I am new to python and was wondering if there was a better solution to match all forms of URLs that might be found in a given string. Upon googling, there seems to a lot of solutions that extract domains, replace it with links etc, but none that removes / deletes them from a string. I have mentioned some examples below for reference.
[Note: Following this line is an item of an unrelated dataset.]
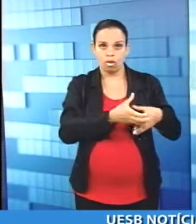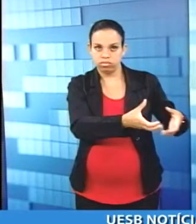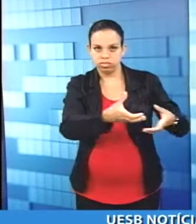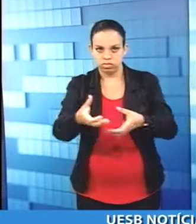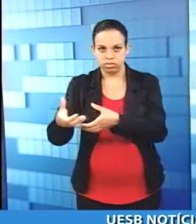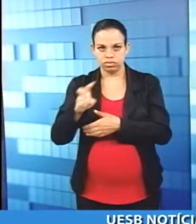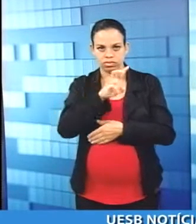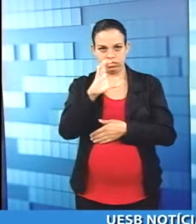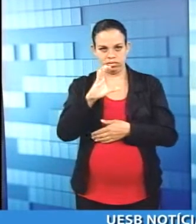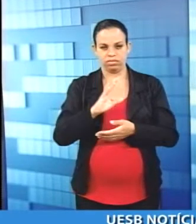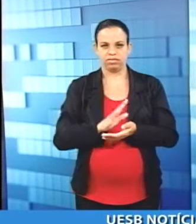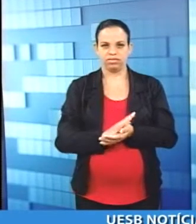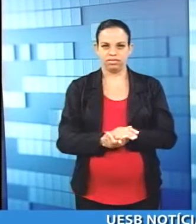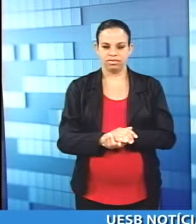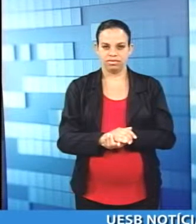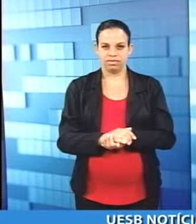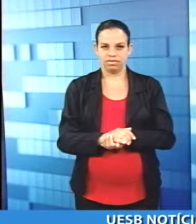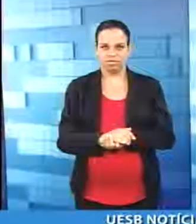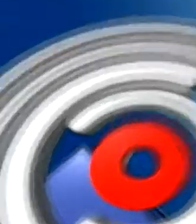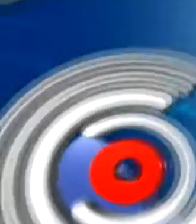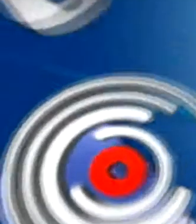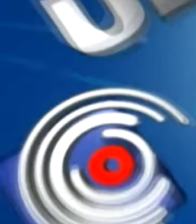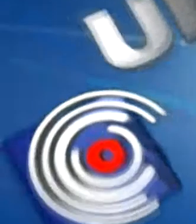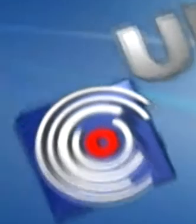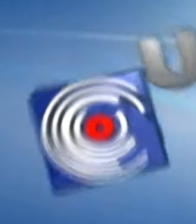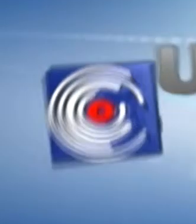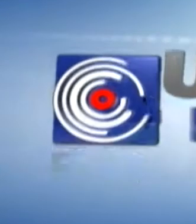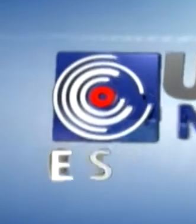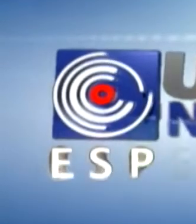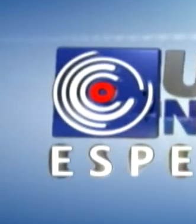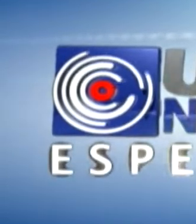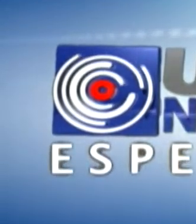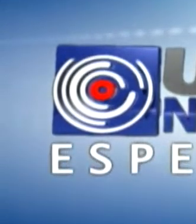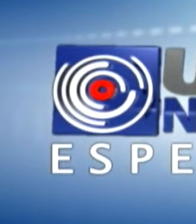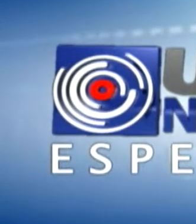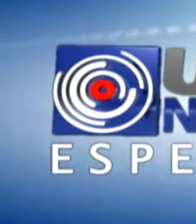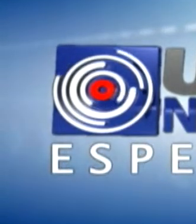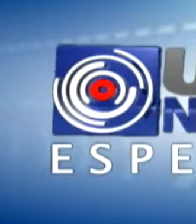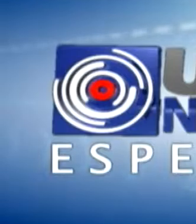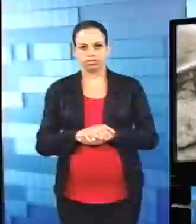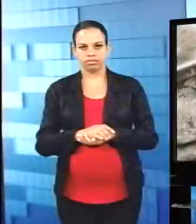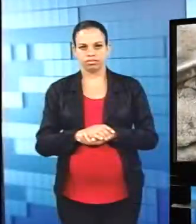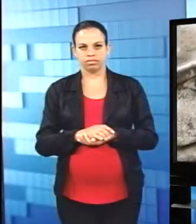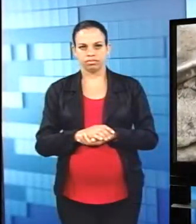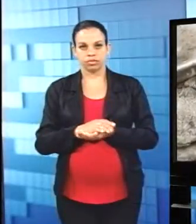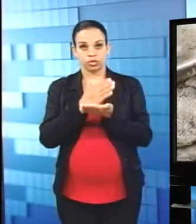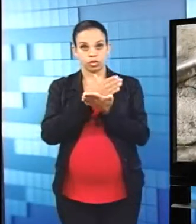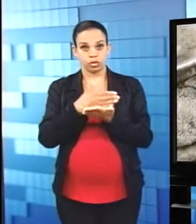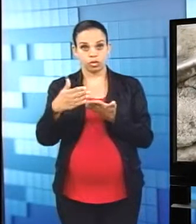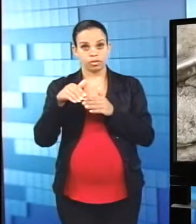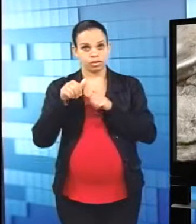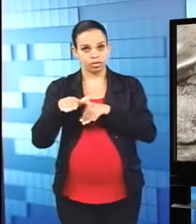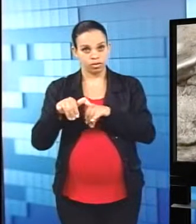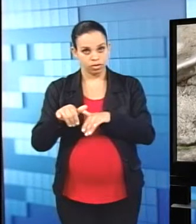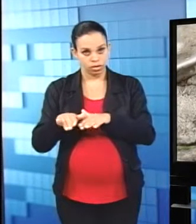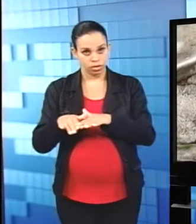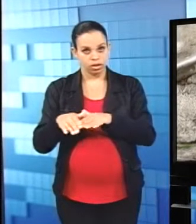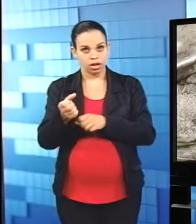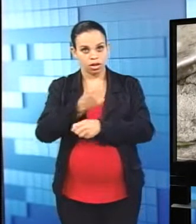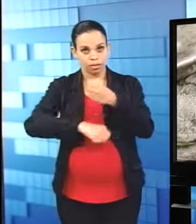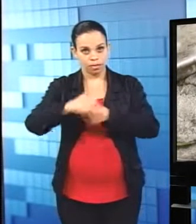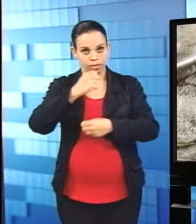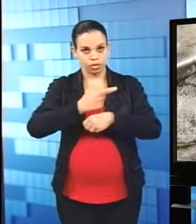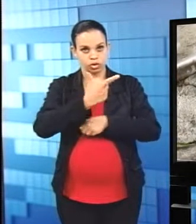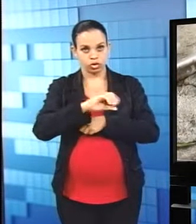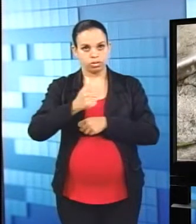terminou saindo dessa igreja e juntamente levou vários fiéis com ela. E aí começou uma desavença por conta

Thanks!
str = 'this is some text that will have one form or the other url embeded, most will have valid URLs while there are cases where they can be bad. for eg, http://www.google.com and http://www.google.co.uk and www.domain.co.uk and etc.'
URLless_string = re.sub(r'(?i)\b((?:https?://|www\d{0,3}[.]|[a-z0-9.\-]+[.][a-z]{2,4}/)(?:[^\s()<>]+|\(([^\s()<>]+|(\([^\s()<>]+\)))*\))+(?:\(([^\s()<>]+|
(\([^\s()<>]+\)))*\)|[^\s`!()\[\]{};:'".,<>?«»“”‘’]))', '', thestring)
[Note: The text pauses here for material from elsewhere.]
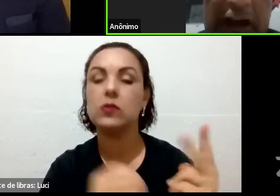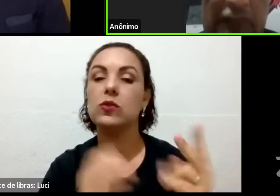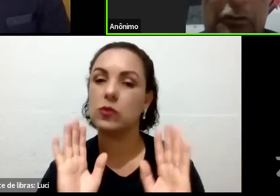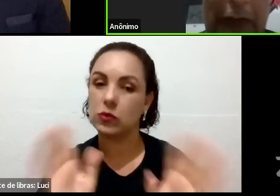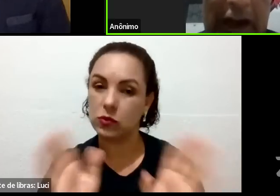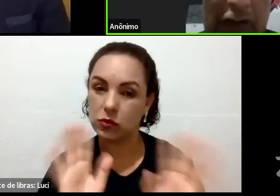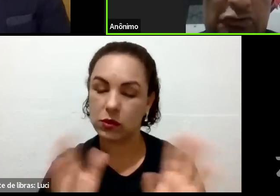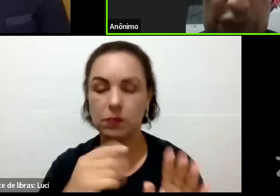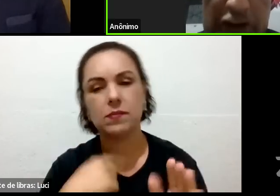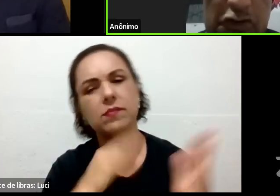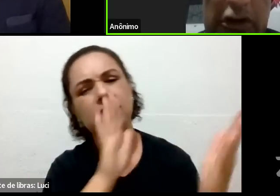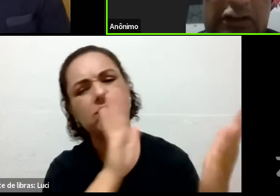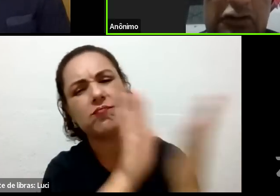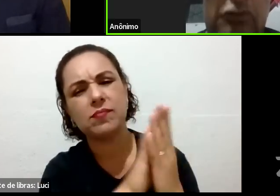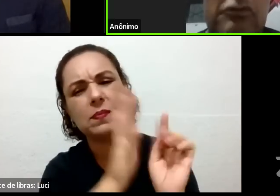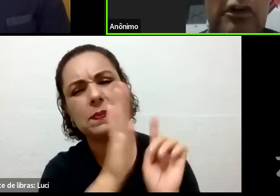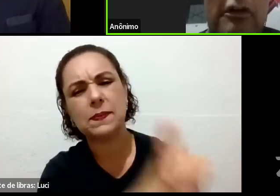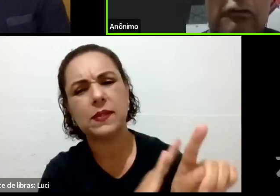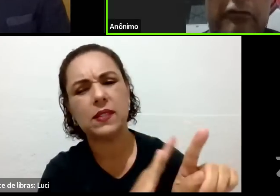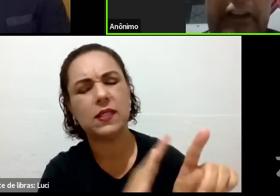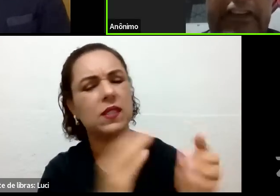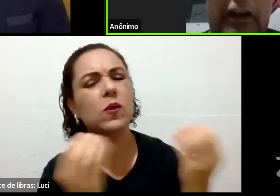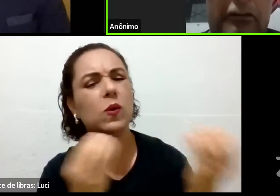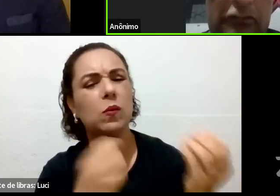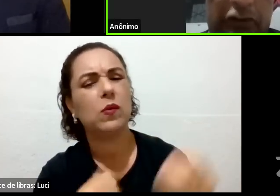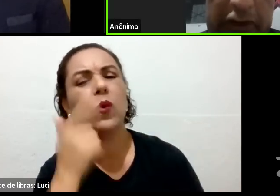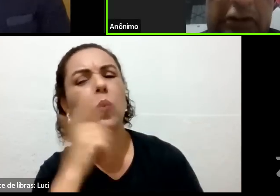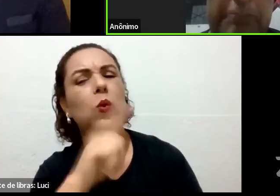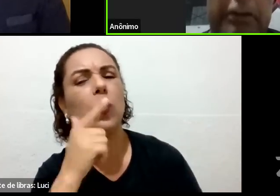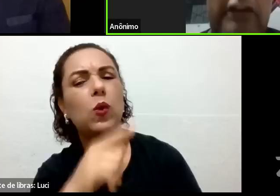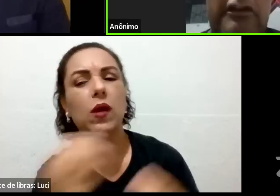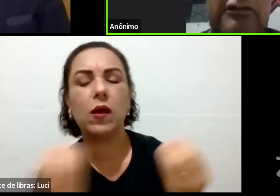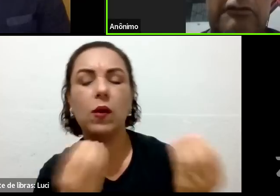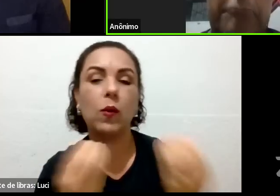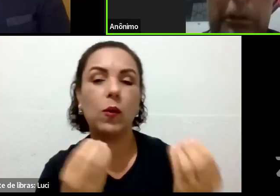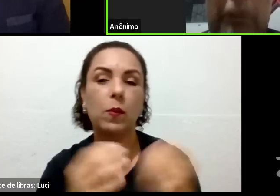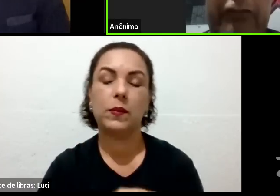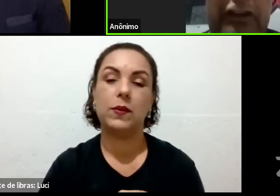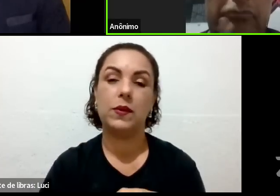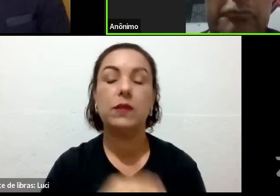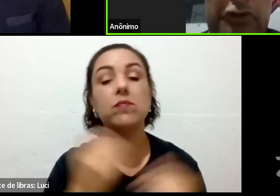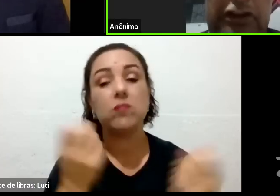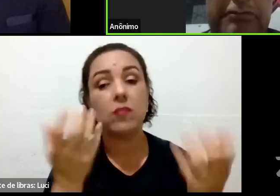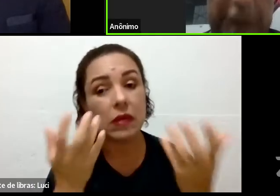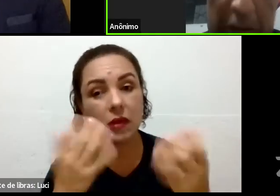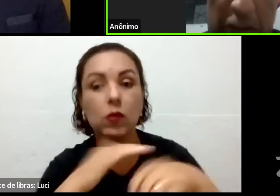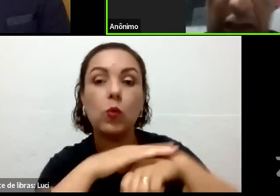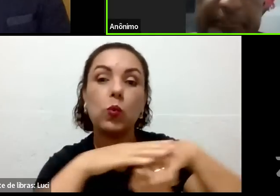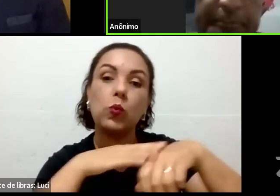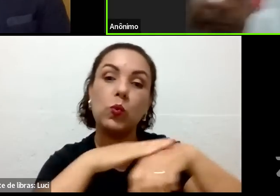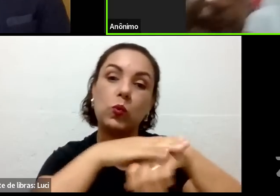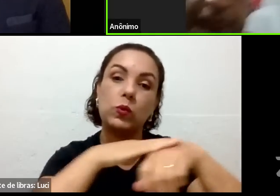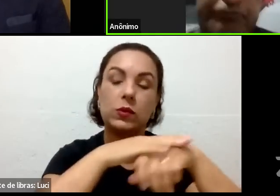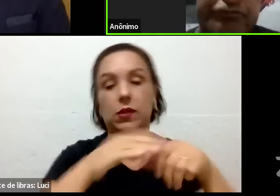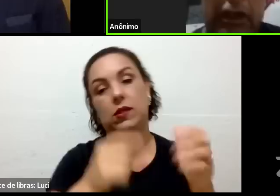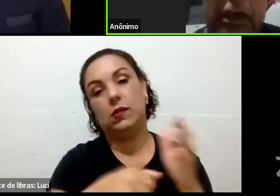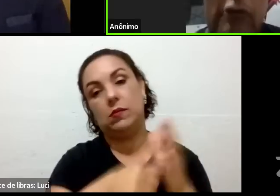perguntei a ele como era o jeito de eu conversar com você, para a gente, para mim, fazer um projeto para mim.

print '==' + URLless_string + '=='
Error Log:
C:\Python27>python test.py
File "test.py", line 7
SyntaxError: Non-ASCII character '\xab' in file test.py on line 7, but no encoding declared; see http://www.python.org/peps/pep-0263.html for details
Include encoding line at the top of your source file(the regex string contains non-ascii symbols like
»), e.g.:Also surround your regex string in triple single(or double)quotes –
'''or"""instead of single as this string already contains quote symbols itself('and").